Dora, who had recently been living in France, died Jan. 3 at his father's Montecito home. He had returned after learning he had terminal pancreatic cancer, friends told the Santa Barbara News-Press.
A fixture at Malibu's beaches in the 1950s and '60s, Dora's calculatedly arrogant personality and unmatched talent for wave riding was widely credited with helping to popularize the sport with young beach-goers while giving it an outlaw image among outsiders.
The stepson of Grad Chapin, a legendary surfer of the 1930s and '40s, he honed his skills surfing the long point break waves at Malibu long before others knew the place existed.
As those others began arriving in the 1960s, they quickly began to adopt his stance -- upright with a slight bend in the knees. Many of them also drew his ire.
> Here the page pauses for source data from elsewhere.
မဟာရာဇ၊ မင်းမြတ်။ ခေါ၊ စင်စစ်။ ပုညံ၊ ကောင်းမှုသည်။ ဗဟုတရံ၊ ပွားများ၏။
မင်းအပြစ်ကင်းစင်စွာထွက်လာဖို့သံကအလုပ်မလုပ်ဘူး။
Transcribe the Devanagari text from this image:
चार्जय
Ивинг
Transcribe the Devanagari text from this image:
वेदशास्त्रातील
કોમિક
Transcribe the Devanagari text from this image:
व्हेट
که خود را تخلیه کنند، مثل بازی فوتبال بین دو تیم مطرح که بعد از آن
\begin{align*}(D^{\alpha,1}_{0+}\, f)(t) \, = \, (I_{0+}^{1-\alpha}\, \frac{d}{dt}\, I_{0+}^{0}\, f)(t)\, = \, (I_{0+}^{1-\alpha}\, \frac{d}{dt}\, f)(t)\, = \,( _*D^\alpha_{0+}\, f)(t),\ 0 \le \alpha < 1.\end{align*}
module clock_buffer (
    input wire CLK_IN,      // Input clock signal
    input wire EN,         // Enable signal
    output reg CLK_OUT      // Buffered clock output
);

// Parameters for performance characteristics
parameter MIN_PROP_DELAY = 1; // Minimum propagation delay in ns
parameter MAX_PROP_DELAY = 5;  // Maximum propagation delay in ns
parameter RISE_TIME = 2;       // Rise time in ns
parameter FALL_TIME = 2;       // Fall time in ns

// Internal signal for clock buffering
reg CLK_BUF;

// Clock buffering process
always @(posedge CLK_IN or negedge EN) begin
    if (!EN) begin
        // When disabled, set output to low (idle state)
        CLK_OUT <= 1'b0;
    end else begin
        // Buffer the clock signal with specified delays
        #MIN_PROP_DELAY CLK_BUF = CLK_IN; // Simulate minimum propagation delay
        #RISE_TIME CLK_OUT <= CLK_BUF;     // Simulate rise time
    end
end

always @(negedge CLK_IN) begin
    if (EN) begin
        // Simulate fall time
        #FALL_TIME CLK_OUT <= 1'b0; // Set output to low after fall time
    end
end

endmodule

"I remember riding this one wave and someone pushing me off my board from behind, screaming, 'Go home you little creep,"' recalled Santa Barbara Surfing Museum curator Jim O'Mahoney. "As a little kid it was like getting yanked from your board by God. It was a badge of honor."
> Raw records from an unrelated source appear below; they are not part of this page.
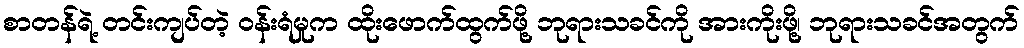
စာတန်ရဲ့ တင်းကျပ်တဲ့ ဝန်းရံမှုက ထိုးဖောက်ထွက်ဖို့ ဘုရားသခင်ကို အားကိုးဖို့၊ ဘုရားသခင်အတွက်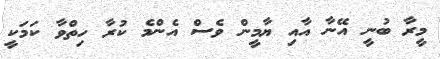
މީރާ ބުނީ އޭނާ އާއި ޔާމީން ވެސް އެންމެ ކުރާ ހިތްވާ ކަމަކީ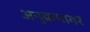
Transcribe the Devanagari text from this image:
अनुक्रमावर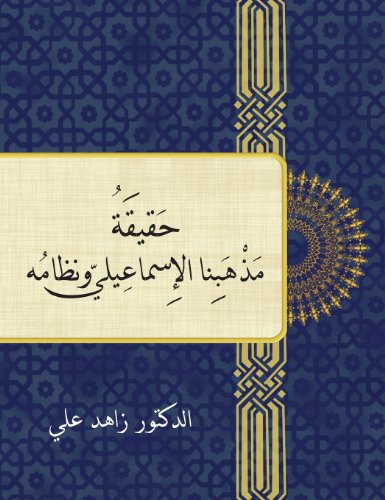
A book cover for The Reality and Order of Our Ismaili Doctrine (Arabic Edition); Zahid Ali; Religion & Spirituality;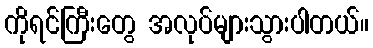
ကိုရင်ကြီးတွေ အလုပ်များသွားပါတယ်။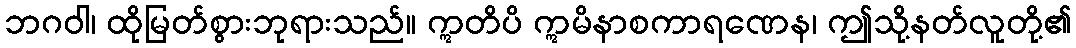
ဘဂဝါ၊ ထိုမြတ်စွားဘုရားသည်။ ဣတိပိ ဣမိနာစကာရဏေန၊ ဤသို့နတ်လူတို့၏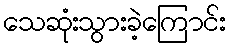
သေဆုံးသွားခဲ့ကြောင်း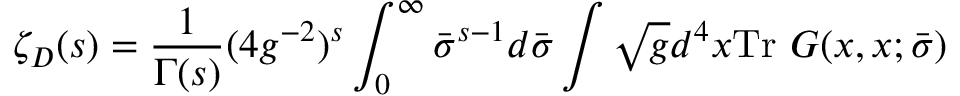
\zeta _ { D } ( s ) = \frac { 1 } { \Gamma ( s ) } ( 4 g ^ { - 2 } ) ^ { s } \int _ { 0 } ^ { \infty } \bar { \sigma } ^ { s - 1 } d \bar { \sigma } \int \sqrt { g } d ^ { 4 } x \mathrm { T r } ~ G ( x , x ; \bar { \sigma } )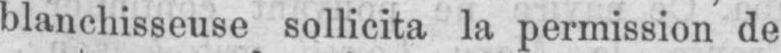
blanchisseuse sollicita la permission de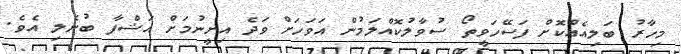
މިހާރު ބަލިއެއްކޮށް ފަސޭހަވީތޯ ސުވާލުކޮއްލަމުން އަވަހަށް ވަދެ އިށީނުމަށް އަޝްފާ ބުނެލި އެވެ.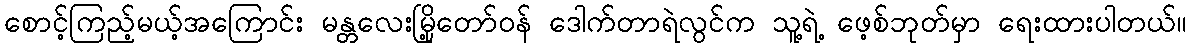
စောင့်ကြည့်မယ့်အကြောင်း မန္တလေးမြို့တော်ဝန် ဒေါက်တာရဲလွင်က သူ့ရဲ့ ဖေ့စ်ဘုတ်မှာ ရေးထားပါတယ်။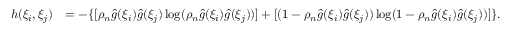
\begin{array} { r l } { h ( \xi _ { i } , \xi _ { j } ) } & { = - \{ [ { \rho } _ { n } \hat { g } ( \xi _ { i } ) \hat { g } ( \xi _ { j } ) \log ( { \rho } _ { n } \hat { g } ( \xi _ { i } ) \hat { g } ( \xi _ { j } ) ) ] + [ ( 1 - { \rho } _ { n } \hat { g } ( \xi _ { i } ) \hat { g } ( \xi _ { j } ) ) \log ( 1 - { \rho } _ { n } \hat { g } ( \xi _ { i } ) \hat { g } ( \xi _ { j } ) ) ] \} . } \end{array}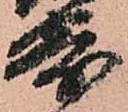
寄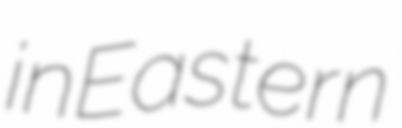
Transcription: in Eastern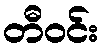
တီဝင်း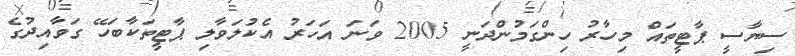
ސިޔާސީ ޕާޓީތައް މިހާރު ހިންގަމުންދަނީ 2005 ވަނަ އަހަރު އެކުލަވާލި ޕާޓީތަކާބަހޭ ގަވާއިދުގެ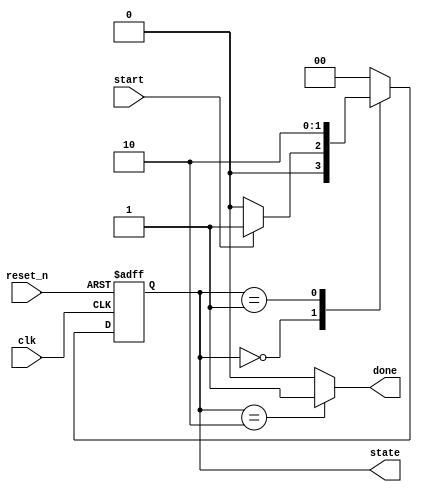
module state_machine (
    input wire clk,              // Clock signal
    input wire reset_n,          // Active low reset signal
    input wire start,            // Input to initiate the process
    output reg [1:0] state,      // Current state
    output reg done              // Indication of process completion
);

    // State definitions
    localparam IDLE    = 2'b00;  // Idle state
    localparam PROCESS = 2'b01;   // Processing state
    localparam DONE    = 2'b10;   // Done state

    // State variable
    reg [1:0] next_state;         // Next state variable

    // Output logic based on current state
    always @(*) begin
        done = 1'b0; // Default done output
        case (state)
            IDLE: begin
                if (start) 
                    next_state = PROCESS; // Move to PROCESS on start
                else 
                    next_state = IDLE; // Remain in IDLE
            end
            PROCESS: begin
                // Example condition for transitioning to DONE
                next_state = DONE; // Automatically transition to DONE
            end
            DONE: begin
                done = 1'b1;        // Set done when in DONE state
                next_state = IDLE;  // Go back to IDLE after process completion
            end
            default: next_state = IDLE; // Fallback to IDLE on unexpected state
        endcase
    end

    // State transition logic
    always @(posedge clk or negedge reset_n) begin
        if (!reset_n) begin
            state <= IDLE;      // Reset to IDLE
        end else begin
            state <= next_state; // Transition to the next state
        end
    end

endmodule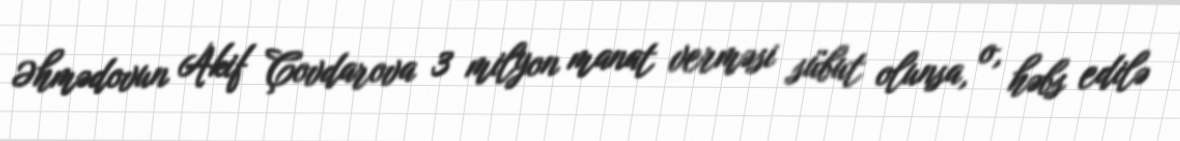
Əhmədovun Akif Çovdarova 3 milyon manat verməsi sübut olunsa, o, həbs edilə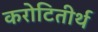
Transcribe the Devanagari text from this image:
करोटितीर्थ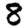
Digit: 8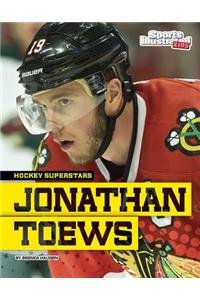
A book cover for Jonathan Toews (Hockey Superstars); Brenda Haugen; Children's Books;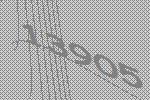
13905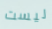
ليست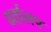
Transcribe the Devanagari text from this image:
वर्तालप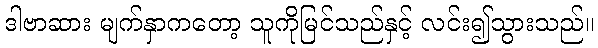
ဒါဗာဆား မျက်နှာကတော့ သူကိုမြင်သည်နှင့် လင်း၍သွားသည်။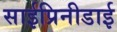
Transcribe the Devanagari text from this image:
साईप्रिनीडाई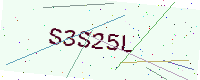
Text: S3S25L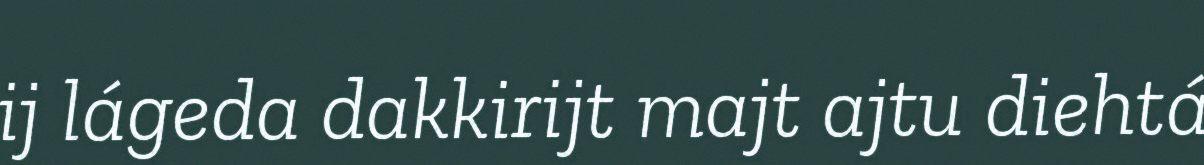
ij lágeda dakkirijt majt ajtu diehtá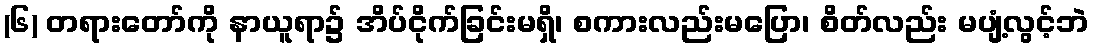
(၆) တရားတော်ကို နာယူရာ၌ အိပ်ငိုက်ခြင်းမရှိ၊ စကားလည်းမပြော၊ စိတ်လည်း မပျံ့လွင့်ဘဲ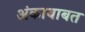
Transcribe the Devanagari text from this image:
अंकाबाबत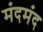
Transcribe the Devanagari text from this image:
मंदमंद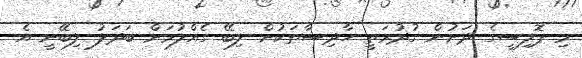
މި ޕޮލިސީގެ ދަށުން ގުދުރަތީ ހާދިސާތަކުން ލިބޭ ގެއްލުމަށް ބަދަލު ލިބޭނީ އެ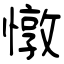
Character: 憞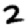
Digit: 2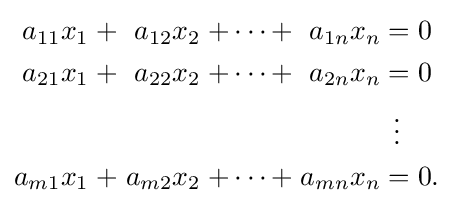
{\begin{alignedat}{7}a_{11}x_{1}&&\;+\;&&a_{12}x_{2}&&\;+\cdots +\;&&a_{1n}x_{n}&&\;=\;&&&0\\a_{21}x_{1}&&\;+\;&&a_{22}x_{2}&&\;+\cdots +\;&&a_{2n}x_{n}&&\;=\;&&&0\\&&&&&&&&&&\vdots \;\ &&&\\a_{m1}x_{1}&&\;+\;&&a_{m2}x_{2}&&\;+\cdots +\;&&a_{mn}x_{n}&&\;=\;&&&0.\\\end{alignedat}}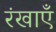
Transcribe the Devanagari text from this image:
रंखाएँ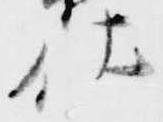
仕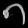
Digit: ၈

Also known as "Da Cat" for his smooth moves, Dora held contests in equal contempt, denouncing them as "fascistic" efforts to control surfers.
He did enter the 1967 Malibu Invitational, however, dropping his swimming trunks to moon the judges on his final pass.
He also expressed disdain for Hollywood's interest in surfing, although he accepted bit parts in such movies as "Bikini Beach," "How to Stuff a Wild Bikini" and "Beach Blanket Bingo." He also had a popular line of Da Cat surfboards.
"He was absolutely comfortable with that apparent contradiction," said surf historian Matt Warshaw. "He was criticizing the system while he exploited it."
What he really wanted to do, Dora indicated in a 1976 interview with the News-Press, was be left alone on his waves. He waxed nostalgic as he recalled learning to surf in Southern California during World War II, a time when the beaches were empty and the water was clean.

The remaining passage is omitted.